» **DATA EXCERPTS**
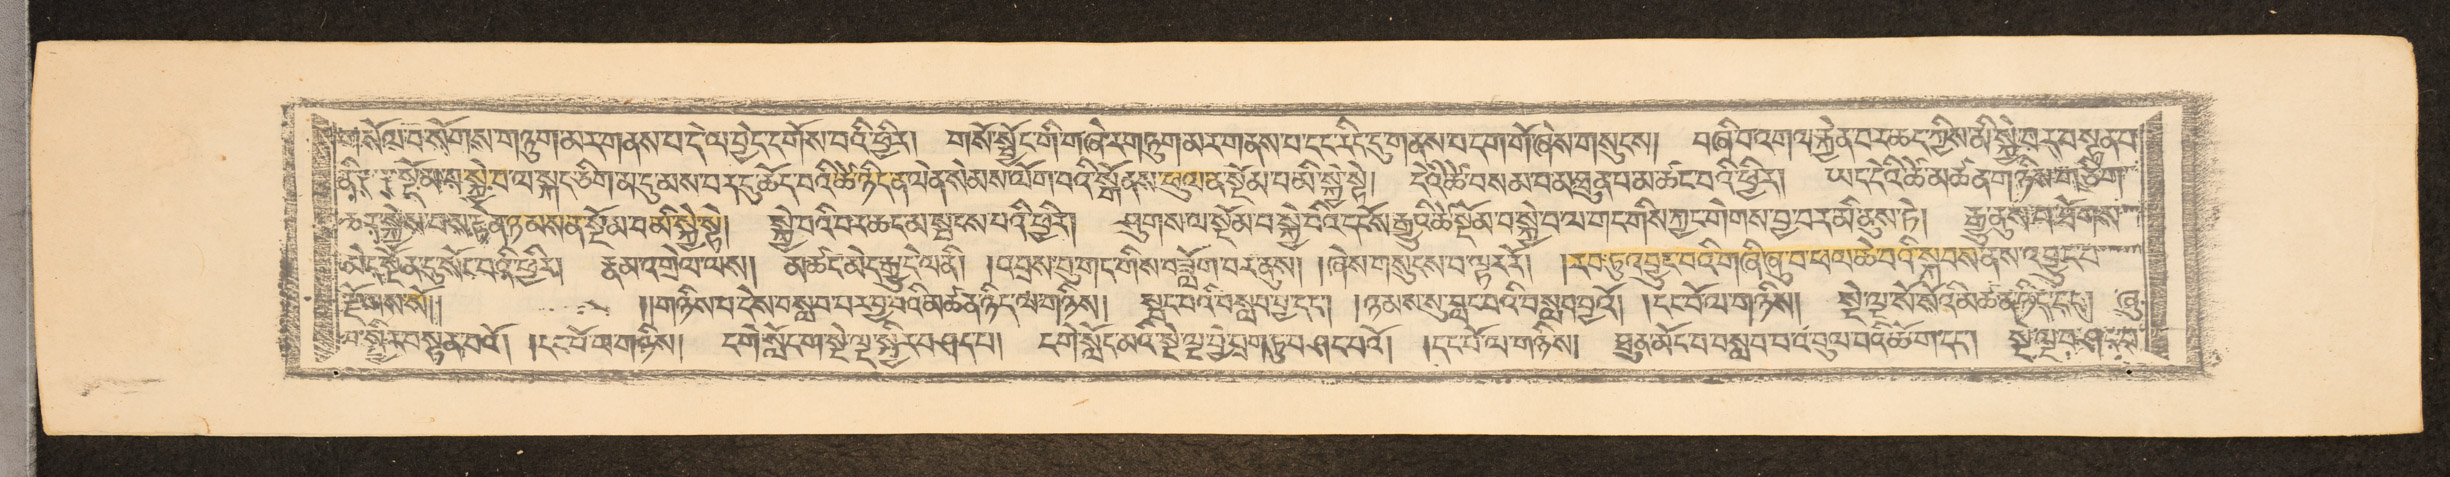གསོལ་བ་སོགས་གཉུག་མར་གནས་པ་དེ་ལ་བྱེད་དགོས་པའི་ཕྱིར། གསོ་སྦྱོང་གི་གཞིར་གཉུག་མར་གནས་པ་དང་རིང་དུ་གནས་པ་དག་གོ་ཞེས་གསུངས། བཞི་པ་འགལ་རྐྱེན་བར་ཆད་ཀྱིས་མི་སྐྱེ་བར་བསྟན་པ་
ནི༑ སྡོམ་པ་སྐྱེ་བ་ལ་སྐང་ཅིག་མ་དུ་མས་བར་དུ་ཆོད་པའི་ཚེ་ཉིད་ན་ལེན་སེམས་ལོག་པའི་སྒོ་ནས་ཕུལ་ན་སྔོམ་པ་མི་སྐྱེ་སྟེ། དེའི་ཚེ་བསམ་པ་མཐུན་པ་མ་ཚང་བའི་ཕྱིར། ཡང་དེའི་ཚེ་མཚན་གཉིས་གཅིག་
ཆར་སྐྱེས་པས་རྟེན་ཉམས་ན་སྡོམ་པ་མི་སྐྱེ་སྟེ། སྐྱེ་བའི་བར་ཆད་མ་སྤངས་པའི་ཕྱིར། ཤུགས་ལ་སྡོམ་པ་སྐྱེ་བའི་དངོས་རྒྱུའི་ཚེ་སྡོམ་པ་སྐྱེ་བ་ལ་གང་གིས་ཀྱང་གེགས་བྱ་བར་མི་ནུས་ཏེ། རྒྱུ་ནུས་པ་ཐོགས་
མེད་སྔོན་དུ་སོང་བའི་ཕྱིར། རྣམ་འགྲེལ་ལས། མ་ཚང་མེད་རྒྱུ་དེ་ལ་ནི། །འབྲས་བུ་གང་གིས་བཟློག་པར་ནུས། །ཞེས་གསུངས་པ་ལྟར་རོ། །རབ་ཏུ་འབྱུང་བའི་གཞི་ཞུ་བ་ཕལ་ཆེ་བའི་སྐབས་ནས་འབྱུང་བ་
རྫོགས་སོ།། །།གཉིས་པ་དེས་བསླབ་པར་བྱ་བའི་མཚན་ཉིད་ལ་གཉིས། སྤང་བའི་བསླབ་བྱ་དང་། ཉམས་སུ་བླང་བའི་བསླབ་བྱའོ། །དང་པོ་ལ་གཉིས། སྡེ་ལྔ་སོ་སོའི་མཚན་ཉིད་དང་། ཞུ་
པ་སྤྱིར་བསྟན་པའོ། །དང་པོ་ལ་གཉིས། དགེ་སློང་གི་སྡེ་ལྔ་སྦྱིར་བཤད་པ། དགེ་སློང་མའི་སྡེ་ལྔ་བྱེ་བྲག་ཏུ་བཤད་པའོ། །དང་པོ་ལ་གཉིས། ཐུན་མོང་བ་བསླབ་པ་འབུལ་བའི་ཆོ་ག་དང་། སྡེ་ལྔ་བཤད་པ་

---

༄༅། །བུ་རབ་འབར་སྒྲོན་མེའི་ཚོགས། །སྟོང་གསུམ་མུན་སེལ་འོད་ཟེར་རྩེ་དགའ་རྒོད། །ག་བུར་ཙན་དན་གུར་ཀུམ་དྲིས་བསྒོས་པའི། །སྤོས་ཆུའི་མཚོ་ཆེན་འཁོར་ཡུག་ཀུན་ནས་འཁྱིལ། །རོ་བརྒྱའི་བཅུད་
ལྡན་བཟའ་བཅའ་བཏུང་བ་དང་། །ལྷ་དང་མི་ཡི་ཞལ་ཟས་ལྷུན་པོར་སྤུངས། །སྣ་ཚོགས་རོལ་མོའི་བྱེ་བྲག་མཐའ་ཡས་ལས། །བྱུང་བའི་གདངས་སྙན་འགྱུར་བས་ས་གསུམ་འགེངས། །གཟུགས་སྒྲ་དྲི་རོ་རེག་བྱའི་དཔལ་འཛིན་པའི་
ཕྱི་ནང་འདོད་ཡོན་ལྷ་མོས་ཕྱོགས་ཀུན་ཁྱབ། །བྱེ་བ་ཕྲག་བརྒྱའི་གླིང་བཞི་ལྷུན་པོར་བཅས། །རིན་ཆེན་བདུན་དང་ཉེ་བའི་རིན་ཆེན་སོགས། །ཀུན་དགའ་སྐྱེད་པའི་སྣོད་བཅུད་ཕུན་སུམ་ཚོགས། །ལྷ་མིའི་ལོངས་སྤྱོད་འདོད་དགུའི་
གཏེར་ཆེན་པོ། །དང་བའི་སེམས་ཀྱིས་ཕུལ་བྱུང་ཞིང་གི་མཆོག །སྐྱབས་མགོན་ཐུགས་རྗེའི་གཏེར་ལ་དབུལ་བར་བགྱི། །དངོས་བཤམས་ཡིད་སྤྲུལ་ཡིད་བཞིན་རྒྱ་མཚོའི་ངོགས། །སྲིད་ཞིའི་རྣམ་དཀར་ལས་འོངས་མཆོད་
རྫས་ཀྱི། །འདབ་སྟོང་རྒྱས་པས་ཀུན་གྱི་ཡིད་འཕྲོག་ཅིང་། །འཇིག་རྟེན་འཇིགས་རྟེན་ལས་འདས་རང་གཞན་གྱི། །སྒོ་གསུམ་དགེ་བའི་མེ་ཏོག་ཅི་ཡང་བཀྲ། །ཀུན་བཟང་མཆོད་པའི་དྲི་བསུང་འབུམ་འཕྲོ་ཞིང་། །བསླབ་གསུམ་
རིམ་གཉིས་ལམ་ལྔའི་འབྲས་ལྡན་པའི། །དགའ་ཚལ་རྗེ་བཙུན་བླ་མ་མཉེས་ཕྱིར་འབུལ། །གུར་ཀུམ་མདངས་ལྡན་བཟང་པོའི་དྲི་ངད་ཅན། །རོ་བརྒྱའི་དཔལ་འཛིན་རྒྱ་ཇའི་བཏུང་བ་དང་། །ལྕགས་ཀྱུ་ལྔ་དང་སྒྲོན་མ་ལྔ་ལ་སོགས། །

* * *

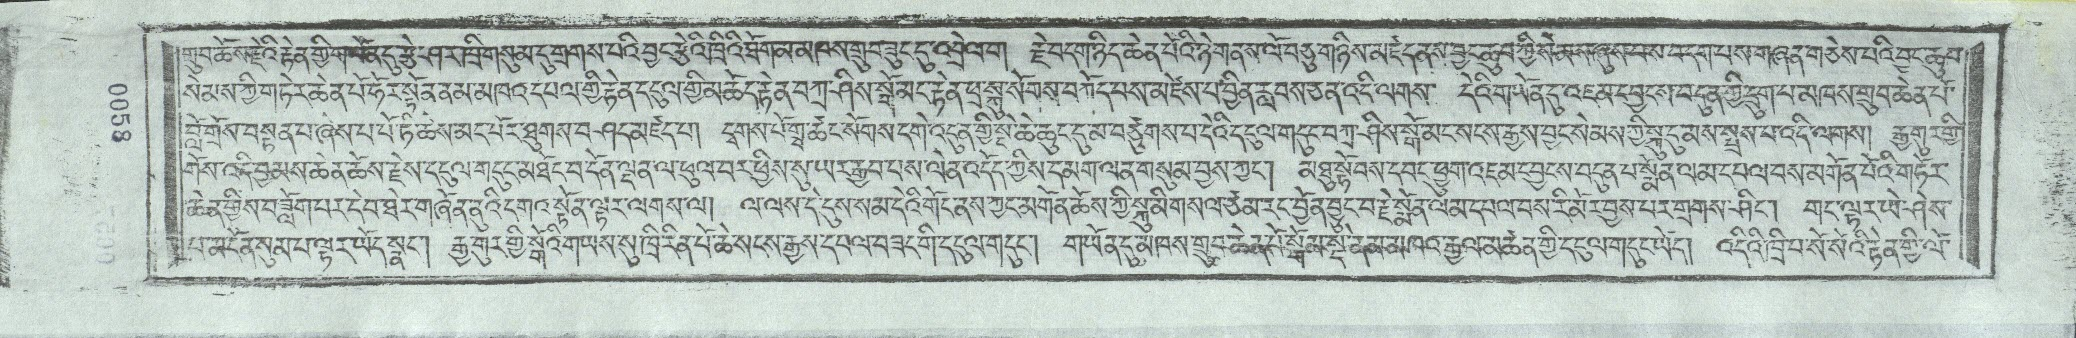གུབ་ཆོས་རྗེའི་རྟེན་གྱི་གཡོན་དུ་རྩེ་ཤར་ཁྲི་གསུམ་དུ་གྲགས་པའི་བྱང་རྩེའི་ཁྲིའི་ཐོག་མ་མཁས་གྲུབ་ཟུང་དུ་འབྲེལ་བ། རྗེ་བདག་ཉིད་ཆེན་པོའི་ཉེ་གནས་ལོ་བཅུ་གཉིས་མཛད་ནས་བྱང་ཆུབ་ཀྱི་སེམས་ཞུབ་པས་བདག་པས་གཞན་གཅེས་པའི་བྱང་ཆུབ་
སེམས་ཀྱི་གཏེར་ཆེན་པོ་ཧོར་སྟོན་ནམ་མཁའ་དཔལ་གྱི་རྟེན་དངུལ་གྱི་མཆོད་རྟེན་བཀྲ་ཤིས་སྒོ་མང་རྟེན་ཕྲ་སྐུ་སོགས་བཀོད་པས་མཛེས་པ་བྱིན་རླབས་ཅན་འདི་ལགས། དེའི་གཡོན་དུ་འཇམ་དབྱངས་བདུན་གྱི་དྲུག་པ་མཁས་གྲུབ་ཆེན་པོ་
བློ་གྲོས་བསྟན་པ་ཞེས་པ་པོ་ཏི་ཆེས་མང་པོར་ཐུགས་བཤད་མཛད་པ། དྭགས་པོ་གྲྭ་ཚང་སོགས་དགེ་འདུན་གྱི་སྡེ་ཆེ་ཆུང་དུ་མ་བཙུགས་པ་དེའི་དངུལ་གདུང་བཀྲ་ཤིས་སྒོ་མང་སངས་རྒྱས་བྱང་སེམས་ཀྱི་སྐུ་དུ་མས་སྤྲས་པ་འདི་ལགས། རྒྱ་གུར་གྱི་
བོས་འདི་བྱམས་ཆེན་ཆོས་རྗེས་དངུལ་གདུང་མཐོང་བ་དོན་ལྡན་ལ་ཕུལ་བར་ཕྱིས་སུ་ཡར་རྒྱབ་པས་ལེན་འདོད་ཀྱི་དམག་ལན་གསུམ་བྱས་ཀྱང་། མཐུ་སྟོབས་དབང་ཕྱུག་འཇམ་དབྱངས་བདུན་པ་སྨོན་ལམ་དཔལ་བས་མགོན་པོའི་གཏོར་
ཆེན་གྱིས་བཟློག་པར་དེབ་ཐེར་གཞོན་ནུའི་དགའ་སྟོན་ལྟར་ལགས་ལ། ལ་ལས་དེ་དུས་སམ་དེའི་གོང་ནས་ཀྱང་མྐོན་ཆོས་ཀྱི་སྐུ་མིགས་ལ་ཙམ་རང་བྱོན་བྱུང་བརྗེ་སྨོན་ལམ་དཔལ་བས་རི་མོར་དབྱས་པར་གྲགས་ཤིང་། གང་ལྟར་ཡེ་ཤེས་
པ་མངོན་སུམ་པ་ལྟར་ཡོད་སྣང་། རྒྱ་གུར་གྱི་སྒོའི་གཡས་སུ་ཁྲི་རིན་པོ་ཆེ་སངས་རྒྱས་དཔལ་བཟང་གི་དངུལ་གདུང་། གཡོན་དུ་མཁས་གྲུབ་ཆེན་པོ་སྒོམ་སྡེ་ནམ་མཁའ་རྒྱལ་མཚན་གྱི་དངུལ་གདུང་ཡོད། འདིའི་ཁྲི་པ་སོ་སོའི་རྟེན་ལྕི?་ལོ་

» **WHAT IS NEEDED**
Everything above from the line containing "སྤང་བའི་བསླབ་བྱ་དང་། ཉམས་སུ་བླང་བའི་བསླབ་བྱའོ། །དང་པོ་ལ་གཉིས།" down to the line containing "པ་སྤྱིར་བསྟན་པའོ། །དང་པོ་ལ་གཉིས། དགེ་སློང་གི་སྡེ་ལྔ་སྦྱིར་བཤད་པ།" should be copied exactly, both end lines included, and nothing else.

» **YOUR RESPONSE**
རྫོགས་སོ།། །།གཉིས་པ་དེས་བསླབ་པར་བྱ་བའི་མཚན་ཉིད་ལ་གཉིས། སྤང་བའི་བསླབ་བྱ་དང་། ཉམས་སུ་བླང་བའི་བསླབ་བྱའོ། །དང་པོ་ལ་གཉིས། སྡེ་ལྔ་སོ་སོའི་མཚན་ཉིད་དང་། ཞུ་
པ་སྤྱིར་བསྟན་པའོ། །དང་པོ་ལ་གཉིས། དགེ་སློང་གི་སྡེ་ལྔ་སྦྱིར་བཤད་པ། དགེ་སློང་མའི་སྡེ་ལྔ་བྱེ་བྲག་ཏུ་བཤད་པའོ། །དང་པོ་ལ་གཉིས། ཐུན་མོང་བ་བསླབ་པ་འབུལ་བའི་ཆོ་ག་དང་། སྡེ་ལྔ་བཤད་པ་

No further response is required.